I appreciate your opinion. This is the approach I was leaning towards as well, but I wanted to send it out there and see if anyone thought I was being crazy for being honest with a GPU company considering they always seem to look for ways to screw us over.
 
I take no responsibility for this, but I'd start with the honest answer. See if you can get video documentation of the problem to bolster the cause behind your concern.

Well, I went ahead and did it.

The good news? The RMA request seems to be automatically approved.

They - of course - reserve the right to reject it when they receive it, so that might be when the fight starts.

They also have a 15-35 day turnaround excluding shipping, and they are in CA, opposite side of the country, so I am counting on 5-7 days each way.

See you guys in the late February/ early March timeframe... *sigh*
 
Last edited:
Well, I went ahead and did it.

The good news?
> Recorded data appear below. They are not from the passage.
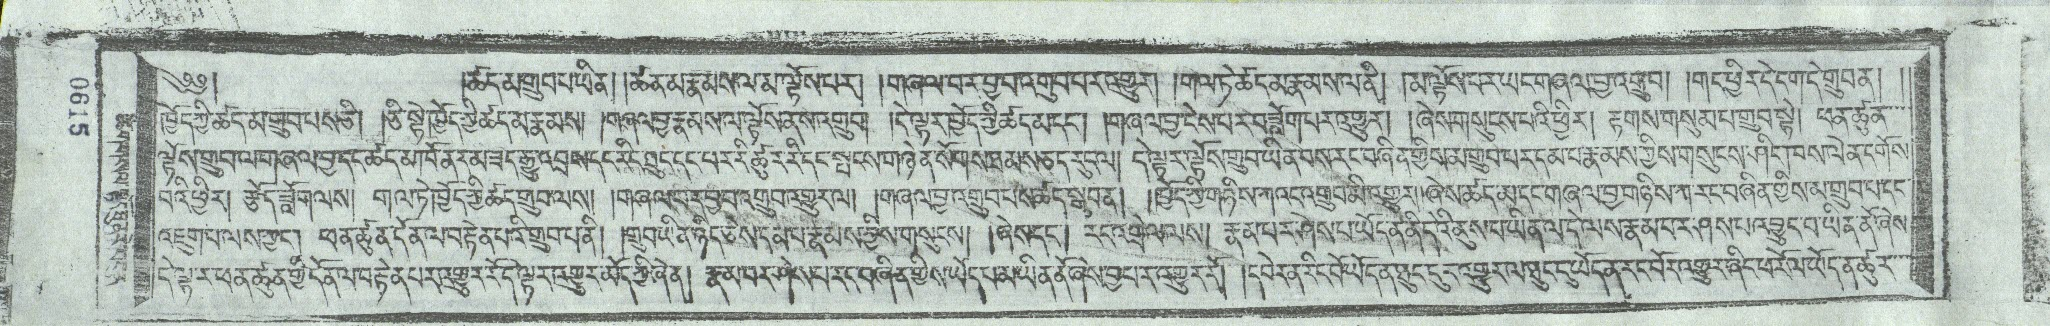༄༅། །ཚད་མ་གྲུབ་པ་ཡིན། །ཚན་མ་རྣམས་ལ་མ་ལྟོས་པར། །གཞལ་བར་བྱ་བ་འགྲུབ་པར་འགྱུར། །གལ་ཏེ་ཚད་མ་རྣམས་ལ་ནི། །མ་ལྟོས་པར་ཡང་གཞལ་བྱ་འགྲུབ། །གང་ཕྱིར་དེ་དག་དེ་གྲུབ་ན། །
ཁྱོད་ཀྱི་ཚད་མ་གྲུབ་པས་ཅི། །ཅི་སྟེ་ཁྱོད་ཀྱི་ཚད་མ་རྣམས། །གཞལ་བྱ་རྣམས་ལ་ལྟོས་ནས་འགྲུབ། །དེ་ལྟར་ཁྱོད་ཀྱི་ཚད་མ་དང་། །གཞལ་བྱ་ངེས་པར་བཟློག་པར་འགྱུར། །ཞེས་གསུངས་པའི་ཕྱིར། རྟགས་གསུམ་པ་གྲུབ་སྟེ། ཕན་ཚུན་
ལྟོས་གྲུབ་ལ་གཞལ་བྱ་དང་ཚད་མ་ཁོ་ནར་མ་ཟད་རྒྱུ་འབྲས་དང་རིང་ཐུང་དང་པར་རི་ཚུར་རི་དང་སྤངས་གཉེན་སོགས་ཐམས་ཅད་རུང་ལ། དེ་ལྟར་ལྟོས་གྲུབ་ཡིན་པས་རང་བཞིན་གྱིས་མ་གྲུབ་པར་དམ་པ་རྣམས་ཀྱིས་གསུངས་ཤིང་ཁས་ལེན་དགོས་
བའི་ཕྱིར། རྩོད་ཟློག་ལས། གལ་ཏེ་ཁྱོད་ཀྱི་ཚད་གྲུབ་ལས། །གཞལ་བར་བྱ་བ་འགྲུབ་འགྱུར་ལ། །གཞལ་བྱ་འགྲུབ་པས་ཚད་སྒྲུབ་ན། །ཁྱོད་ཀྱི་གཉིས་ཀའང་འགྲུབ་མི་འགྱུར། །ཞེས་ཚད་མ་དང་གཞལ་བྱ་གཉིས་ཀ་རང་བཞིན་གྱིས་མ་གྲུབ་པ་དང་
འཇུག་པ་ལས་ཀྱང་། ཕན་ཚུན་དོན་ལ་བརྟེན་པའི་གྲུབ་པ་ནི། །གྲུབ་ཡིན་ཉིད་ཅེས་དམ་པ་རྣམས་ཀྱིས་གསུངས། །ཞེས་དང་། རང་འགྲེལ་ལས། རྣམ་པར་ཤེས་པ་ཡོད་ན་ནི་དེའི་ནུས་པ་ཡིན་ལ་དེ་ལས་རྣམ་པར་ཤེས་པ་འབྱུང་བ་ཡིན་ནོ་ཞེས་
དེ་ལྟར་ཕན་ཚུན་གྱི་དོན་ལ་བརྟེན་པར་འགྱུར་རོ་དེ་ལྟར་འགྱུར་མོད་ཀྱི་ཞེ་ན། རྣམ་པར་ཤེས་པ་རང་བཞིན་གྱིས་ཡོད་པ་མ་ཡིན་ནོ་ཞེས་བྱ་བར་འགྱུར་རོ། །དཔེར་ན་རིང་པོ་ཡོད་ན་ཐུང་ངུར་འགྱུར་ལ་ཐུང་ངུ་ཡོད་ན་རང་བོར་འགྱུར་ཞིང་ཕ་རོལ་ཡོད་ན་ཚུར་

The RMA request seems to be automatically approved.

They - of course - reserve the right to reject it when they receive it, so that might be when the fight starts.
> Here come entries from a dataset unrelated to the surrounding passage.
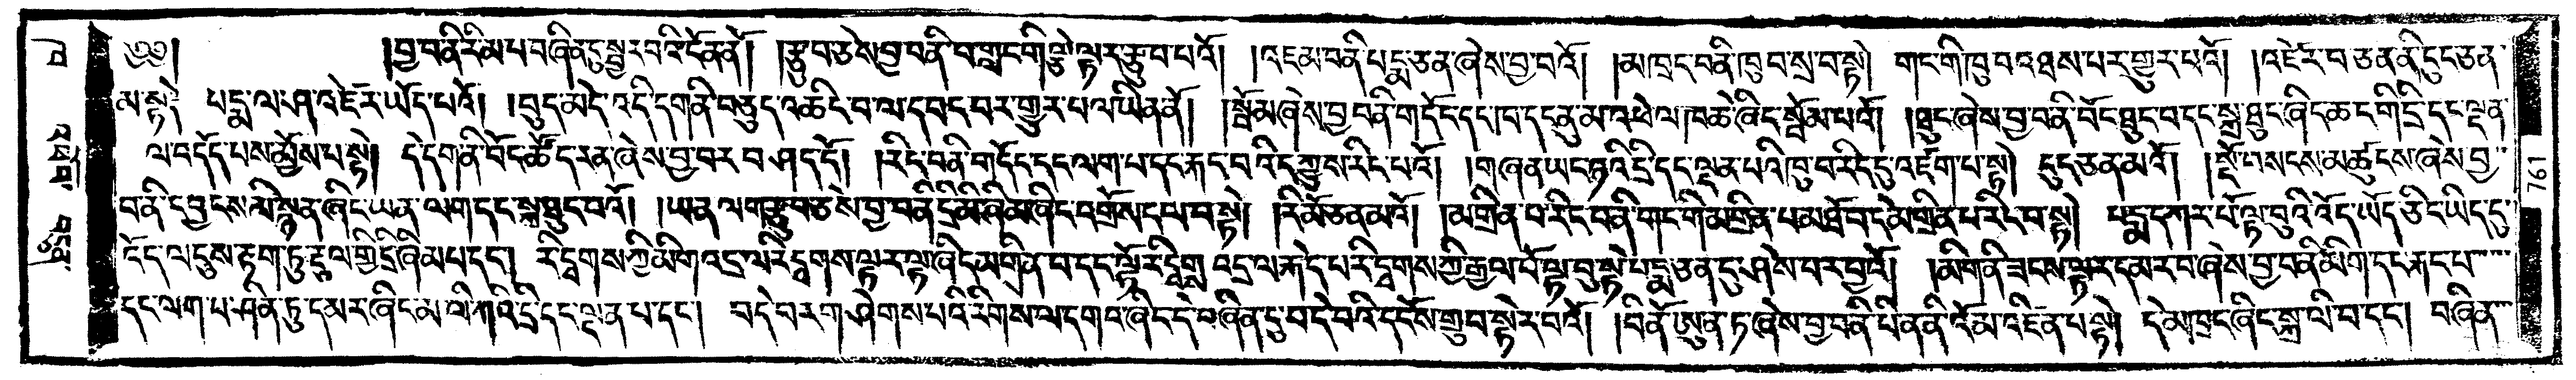༄༅། །བྱ་བ་ནི་རིམ་པ་བཞིན་དུ་སྦྱར་བའི་དོན་ནོ། །རྩུབ་ཅེས་བྱ་བ་ནི་བ་གླང་གི་ལྕེ་ལྟར་རྩུབ་པའོ། །འཇམ་པ་ནི་པདམ་ཅན་ཞེས་བྱ་བའོ། །མཁྲད་བ་ནི་ཁུབ་སྲ་བ་སྟེ། གང་གི་ཁུབ་འཐས་པར་གྱུར་པའོ། །འཛེར་བ་ཅན་ནི་དུང་ཅན་
མ་སྟེ༑ པདམ་ལ་ཤ་འཛེར་ཡོད་པའོ། །བུད་མེད་འདི་དག་ནི་བཅུད་འཆིང་བ་ལ་དབང་བར་གྱུར་པ་ལ་ཡིན་ནོ། །སྤོམ་ཞེས་བྱ་བ་ནི་གདོང་དང་ཁ་དང་ནུ་མ་འཕེལ་ཁ་ཆེ་ཞིང་སྦོམ་པའོ། །ཐུང་ཞེས་བྱ་བ་ནི་བོང་ཐུང་བ་དང་སྐྲ་ཐུང་ཞིང་ཆང་གི་དྲི་དང་ལྡན་
ལ་འདོད་པས་མྱོས་པ་སྟེ། དེ་དག་ནི་བོང་ཚོད་རན་ཞེས་བྱ་བར་བཤད་དོ། །རིང་བ་ནི་གདོང་དང་ལག་པ་དང་རྐང་བའི་དཀྱུས་རིང་པའོ། །གཞན་ཡང་ཉའི་དྲི་དང་ལྡན་པའི་ཁུ་བ་རིང་དུ་འཛག་པ་སྟེ། དུད་ཅན་མའོ། །སྔོ་བསངས་མཚུངས་ཞེས་བྱ་
བ་ནི་དབྱངས་མི་སྙན་ཞིང་ཡན་ལག་དང་སྐྲ་ཐུང་བའོ། །ཡན་ལག་རྩུབ་ཅེས་བྱ་བ་ནི་དྲི་མི་ཞིམ་ཞིང་འགྲོས་དལ་བ་སྟེ། །རི་མོ་ཅན་མའོ། །མགྲིན་པ་རིང་བ་ནི་གང་གི་མགྲིན་པ་མ་ཐོབ་དེ་མགྲིན་པ་རིང་བ་སྟེ། པདམ་དཀར་པོ་ལྟ་བུའི་འོད་ཡོད་ཅིང་ཡིད་དུ་
འོད་ལ་དུས་རྟག་ཏུ་རྡུལ་གྱི་དྲི་ཞིམ་པ་དང་། རི་དྭགས་ཀྱི་མིག་འདྲ་ལ་རི་དྭགས་ལྟར་ལྟ་ཞིང་མགྲིན་པ་དང་ལྷོ་རི་དྭགས་འདྲ་ལ་རྐེད་པ་རི་དྭགས་ཀྱི་རྒྱལ་པོ་ལྟ་བུ་སྟེ་པདམ་ཅན་དུ་ཤེས་པར་བྱའོ། །མིག་ནི་ཟངས་ལྟར་དམར་བ་ཞེས་བྱ་བ་ནི་མིག་དང་རྐང་པ་
དང་ལག་པ་ཤིན་ཏུ་དམར་ཞིང་མ་ལི་ཀའི་དྲི་དང་ལྡན་པ་དང་། བདེ་བར་གཤེགས་པའི་རིགས་ལ་དགའ་ཞིང་དེ་བཞིན་དུ་བདེ་བའི་དངོས་གྲུབ་སྟེར་བའོ། །བི་ནོ་ཨུན་ཏ་ཞེས་བྱ་བ་ནི་པིན་ནི་འོ་མ་འཛིན་པ་སྟེ། དེ་མཁྲད་ཞིང་སྐྲ་ལི་བ་དང་། བཞིན་

They also have a 15-35 day turnaround excluding shipping, and they are in CA, opposite side of the country, so I am counting on 5-7 days each way.

See you guys in the February/March timeframe... *sigh*
I'm glad the RMA process has started and so sorry you're having to through that nightmare. Regardless of the component, I always hold my breath the first time I do a power-up and then again when I make any hardware changes to a rig. It doesn't matter how many times I've done something, I still get nervous.
 
I'm glad the RMA process has started and so sorry you're having to through that nightmare. Regardless of the component, I always hold my breath the first time I do a power-up and then again when I make any hardware changes to a rig. It doesn't matter how many times I've done something, I still get nervous.

Same.

I may not have had a failure like that in many years, but I still cross my fingers when I press the button for the first time.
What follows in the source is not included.